• **Entries shown**:
BEGIN
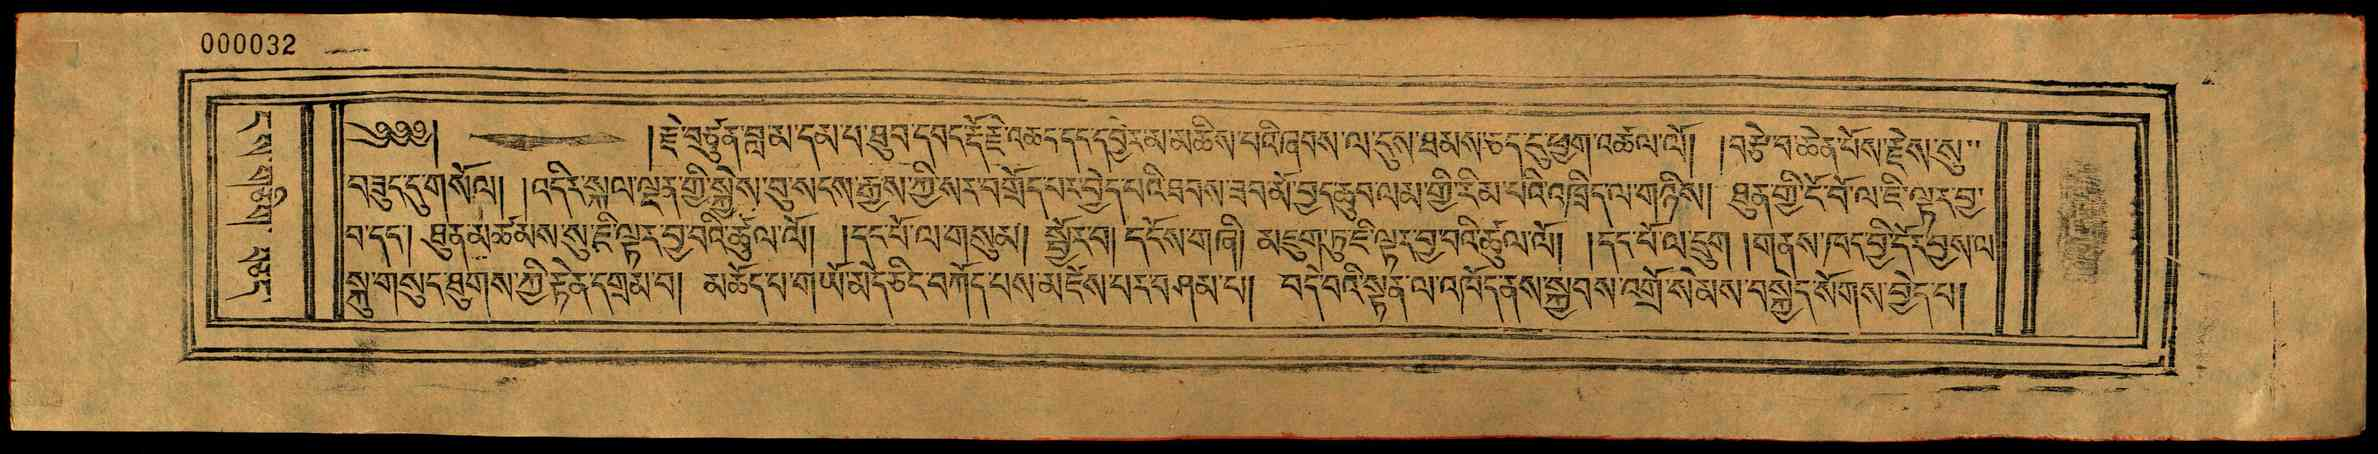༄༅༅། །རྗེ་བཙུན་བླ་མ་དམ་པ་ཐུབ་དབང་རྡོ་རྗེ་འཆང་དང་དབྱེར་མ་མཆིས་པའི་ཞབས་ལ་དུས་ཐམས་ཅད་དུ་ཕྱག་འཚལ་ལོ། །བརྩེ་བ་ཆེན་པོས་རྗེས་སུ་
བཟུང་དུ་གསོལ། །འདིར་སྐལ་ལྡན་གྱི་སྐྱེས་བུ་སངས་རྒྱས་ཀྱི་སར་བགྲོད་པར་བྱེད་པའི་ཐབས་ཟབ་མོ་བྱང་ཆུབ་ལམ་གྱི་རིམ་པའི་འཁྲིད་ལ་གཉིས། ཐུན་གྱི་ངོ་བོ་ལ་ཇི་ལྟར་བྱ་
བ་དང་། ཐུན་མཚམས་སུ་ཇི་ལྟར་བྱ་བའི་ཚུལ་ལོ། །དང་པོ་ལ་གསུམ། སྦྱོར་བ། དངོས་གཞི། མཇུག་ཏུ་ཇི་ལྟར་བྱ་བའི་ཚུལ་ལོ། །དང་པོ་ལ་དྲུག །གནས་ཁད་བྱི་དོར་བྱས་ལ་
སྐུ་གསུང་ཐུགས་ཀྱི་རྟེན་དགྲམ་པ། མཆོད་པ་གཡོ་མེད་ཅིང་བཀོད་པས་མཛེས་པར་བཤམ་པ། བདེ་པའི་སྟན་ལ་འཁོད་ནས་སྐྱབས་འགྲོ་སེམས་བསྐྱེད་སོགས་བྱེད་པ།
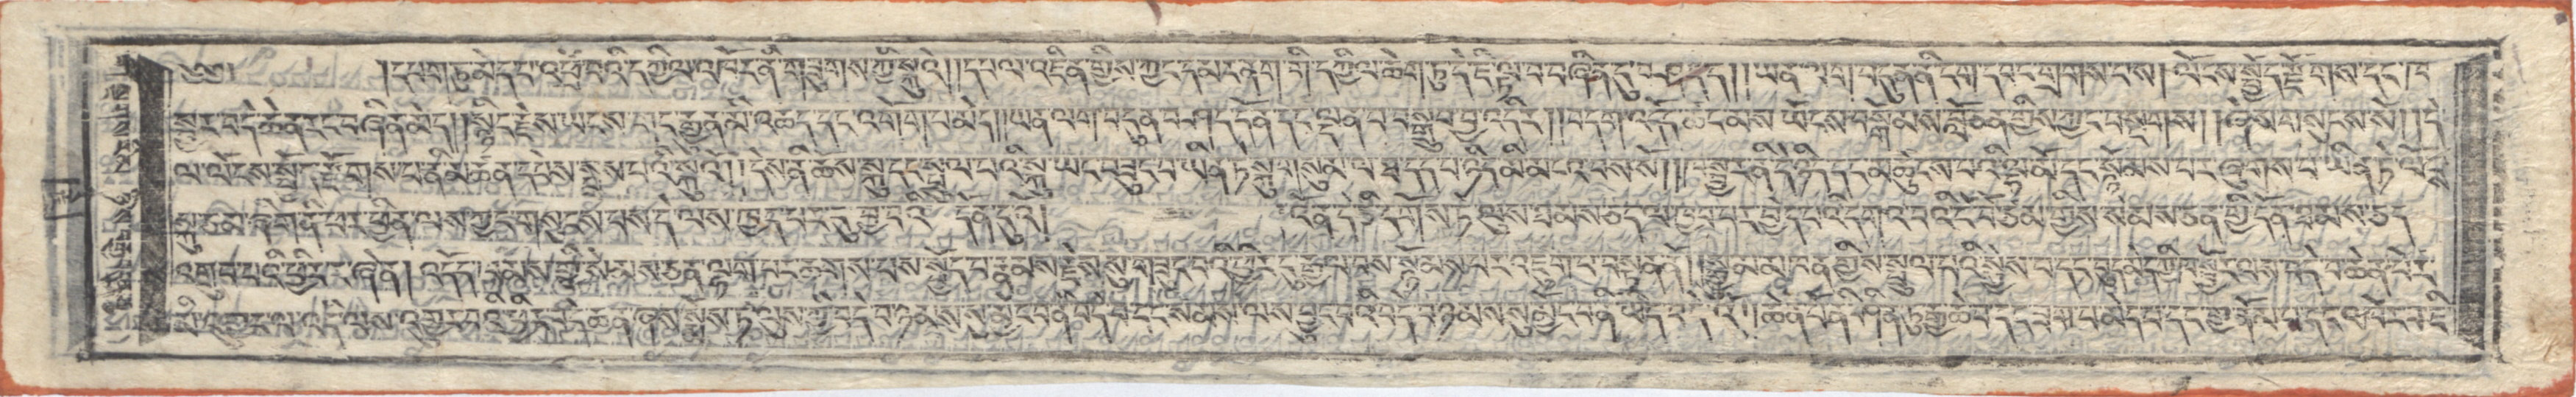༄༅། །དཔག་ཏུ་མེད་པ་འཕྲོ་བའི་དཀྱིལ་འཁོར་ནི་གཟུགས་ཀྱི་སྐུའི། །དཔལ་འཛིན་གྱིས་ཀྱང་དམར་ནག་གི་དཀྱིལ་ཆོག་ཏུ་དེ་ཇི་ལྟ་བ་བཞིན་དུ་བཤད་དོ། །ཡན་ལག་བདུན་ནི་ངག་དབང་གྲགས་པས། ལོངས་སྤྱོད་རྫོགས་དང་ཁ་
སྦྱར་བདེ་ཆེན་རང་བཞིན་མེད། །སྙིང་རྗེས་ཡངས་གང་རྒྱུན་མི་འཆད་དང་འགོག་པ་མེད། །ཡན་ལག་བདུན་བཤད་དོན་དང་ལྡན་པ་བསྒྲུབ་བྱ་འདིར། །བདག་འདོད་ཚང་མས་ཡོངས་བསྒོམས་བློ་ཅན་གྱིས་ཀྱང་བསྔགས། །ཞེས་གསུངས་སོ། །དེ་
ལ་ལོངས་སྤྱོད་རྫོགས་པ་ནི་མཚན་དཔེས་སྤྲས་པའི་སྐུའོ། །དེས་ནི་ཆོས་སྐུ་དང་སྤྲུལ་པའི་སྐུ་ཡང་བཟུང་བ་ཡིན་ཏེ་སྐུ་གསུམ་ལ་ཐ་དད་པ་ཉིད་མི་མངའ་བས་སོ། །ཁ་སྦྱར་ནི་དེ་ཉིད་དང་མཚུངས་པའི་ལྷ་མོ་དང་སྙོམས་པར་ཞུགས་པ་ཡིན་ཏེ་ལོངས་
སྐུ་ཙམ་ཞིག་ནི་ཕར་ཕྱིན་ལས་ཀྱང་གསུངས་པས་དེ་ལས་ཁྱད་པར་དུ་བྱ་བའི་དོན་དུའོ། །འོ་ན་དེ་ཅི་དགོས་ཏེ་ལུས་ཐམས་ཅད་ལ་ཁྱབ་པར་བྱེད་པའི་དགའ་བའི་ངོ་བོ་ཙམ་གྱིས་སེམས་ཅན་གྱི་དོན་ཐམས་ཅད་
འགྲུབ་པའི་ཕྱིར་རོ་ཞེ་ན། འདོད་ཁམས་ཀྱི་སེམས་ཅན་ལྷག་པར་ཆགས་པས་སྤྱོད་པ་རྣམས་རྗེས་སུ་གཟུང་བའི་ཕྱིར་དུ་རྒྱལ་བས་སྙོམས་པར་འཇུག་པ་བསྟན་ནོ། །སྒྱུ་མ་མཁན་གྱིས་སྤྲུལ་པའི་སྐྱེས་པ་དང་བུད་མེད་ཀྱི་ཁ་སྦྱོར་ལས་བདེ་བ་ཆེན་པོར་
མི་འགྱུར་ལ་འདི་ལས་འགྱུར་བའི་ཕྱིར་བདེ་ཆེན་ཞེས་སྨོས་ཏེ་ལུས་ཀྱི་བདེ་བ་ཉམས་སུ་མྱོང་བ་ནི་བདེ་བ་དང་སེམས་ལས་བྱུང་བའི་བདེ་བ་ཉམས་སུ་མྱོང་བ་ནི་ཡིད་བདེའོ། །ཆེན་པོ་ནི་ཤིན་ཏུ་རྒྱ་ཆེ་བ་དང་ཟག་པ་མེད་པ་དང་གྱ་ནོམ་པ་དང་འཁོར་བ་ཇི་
END
• **Task item**: Leaving out only the pictures, return the material above unchanged.

• **Task output**:
༄༅༅། །རྗེ་བཙུན་བླ་མ་དམ་པ་ཐུབ་དབང་རྡོ་རྗེ་འཆང་དང་དབྱེར་མ་མཆིས་པའི་ཞབས་ལ་དུས་ཐམས་ཅད་དུ་ཕྱག་འཚལ་ལོ། །བརྩེ་བ་ཆེན་པོས་རྗེས་སུ་
བཟུང་དུ་གསོལ། །འདིར་སྐལ་ལྡན་གྱི་སྐྱེས་བུ་སངས་རྒྱས་ཀྱི་སར་བགྲོད་པར་བྱེད་པའི་ཐབས་ཟབ་མོ་བྱང་ཆུབ་ལམ་གྱི་རིམ་པའི་འཁྲིད་ལ་གཉིས། ཐུན་གྱི་ངོ་བོ་ལ་ཇི་ལྟར་བྱ་
བ་དང་། ཐུན་མཚམས་སུ་ཇི་ལྟར་བྱ་བའི་ཚུལ་ལོ། །དང་པོ་ལ་གསུམ། སྦྱོར་བ། དངོས་གཞི། མཇུག་ཏུ་ཇི་ལྟར་བྱ་བའི་ཚུལ་ལོ། །དང་པོ་ལ་དྲུག །གནས་ཁད་བྱི་དོར་བྱས་ལ་
སྐུ་གསུང་ཐུགས་ཀྱི་རྟེན་དགྲམ་པ། མཆོད་པ་གཡོ་མེད་ཅིང་བཀོད་པས་མཛེས་པར་བཤམ་པ། བདེ་པའི་སྟན་ལ་འཁོད་ནས་སྐྱབས་འགྲོ་སེམས་བསྐྱེད་སོགས་བྱེད་པ།
༄༅། །དཔག་ཏུ་མེད་པ་འཕྲོ་བའི་དཀྱིལ་འཁོར་ནི་གཟུགས་ཀྱི་སྐུའི། །དཔལ་འཛིན་གྱིས་ཀྱང་དམར་ནག་གི་དཀྱིལ་ཆོག་ཏུ་དེ་ཇི་ལྟ་བ་བཞིན་དུ་བཤད་དོ། །ཡན་ལག་བདུན་ནི་ངག་དབང་གྲགས་པས། ལོངས་སྤྱོད་རྫོགས་དང་ཁ་
སྦྱར་བདེ་ཆེན་རང་བཞིན་མེད། །སྙིང་རྗེས་ཡངས་གང་རྒྱུན་མི་འཆད་དང་འགོག་པ་མེད། །ཡན་ལག་བདུན་བཤད་དོན་དང་ལྡན་པ་བསྒྲུབ་བྱ་འདིར། །བདག་འདོད་ཚང་མས་ཡོངས་བསྒོམས་བློ་ཅན་གྱིས་ཀྱང་བསྔགས། །ཞེས་གསུངས་སོ། །དེ་
ལ་ལོངས་སྤྱོད་རྫོགས་པ་ནི་མཚན་དཔེས་སྤྲས་པའི་སྐུའོ། །དེས་ནི་ཆོས་སྐུ་དང་སྤྲུལ་པའི་སྐུ་ཡང་བཟུང་བ་ཡིན་ཏེ་སྐུ་གསུམ་ལ་ཐ་དད་པ་ཉིད་མི་མངའ་བས་སོ། །ཁ་སྦྱར་ནི་དེ་ཉིད་དང་མཚུངས་པའི་ལྷ་མོ་དང་སྙོམས་པར་ཞུགས་པ་ཡིན་ཏེ་ལོངས་
སྐུ་ཙམ་ཞིག་ནི་ཕར་ཕྱིན་ལས་ཀྱང་གསུངས་པས་དེ་ལས་ཁྱད་པར་དུ་བྱ་བའི་དོན་དུའོ། །འོ་ན་དེ་ཅི་དགོས་ཏེ་ལུས་ཐམས་ཅད་ལ་ཁྱབ་པར་བྱེད་པའི་དགའ་བའི་ངོ་བོ་ཙམ་གྱིས་སེམས་ཅན་གྱི་དོན་ཐམས་ཅད་
འགྲུབ་པའི་ཕྱིར་རོ་ཞེ་ན། འདོད་ཁམས་ཀྱི་སེམས་ཅན་ལྷག་པར་ཆགས་པས་སྤྱོད་པ་རྣམས་རྗེས་སུ་གཟུང་བའི་ཕྱིར་དུ་རྒྱལ་བས་སྙོམས་པར་འཇུག་པ་བསྟན་ནོ། །སྒྱུ་མ་མཁན་གྱིས་སྤྲུལ་པའི་སྐྱེས་པ་དང་བུད་མེད་ཀྱི་ཁ་སྦྱོར་ལས་བདེ་བ་ཆེན་པོར་
མི་འགྱུར་ལ་འདི་ལས་འགྱུར་བའི་ཕྱིར་བདེ་ཆེན་ཞེས་སྨོས་ཏེ་ལུས་ཀྱི་བདེ་བ་ཉམས་སུ་མྱོང་བ་ནི་བདེ་བ་དང་སེམས་ལས་བྱུང་བའི་བདེ་བ་ཉམས་སུ་མྱོང་བ་ནི་ཡིད་བདེའོ། །ཆེན་པོ་ནི་ཤིན་ཏུ་རྒྱ་ཆེ་བ་དང་ཟག་པ་མེད་པ་དང་གྱ་ནོམ་པ་དང་འཁོར་བ་ཇི་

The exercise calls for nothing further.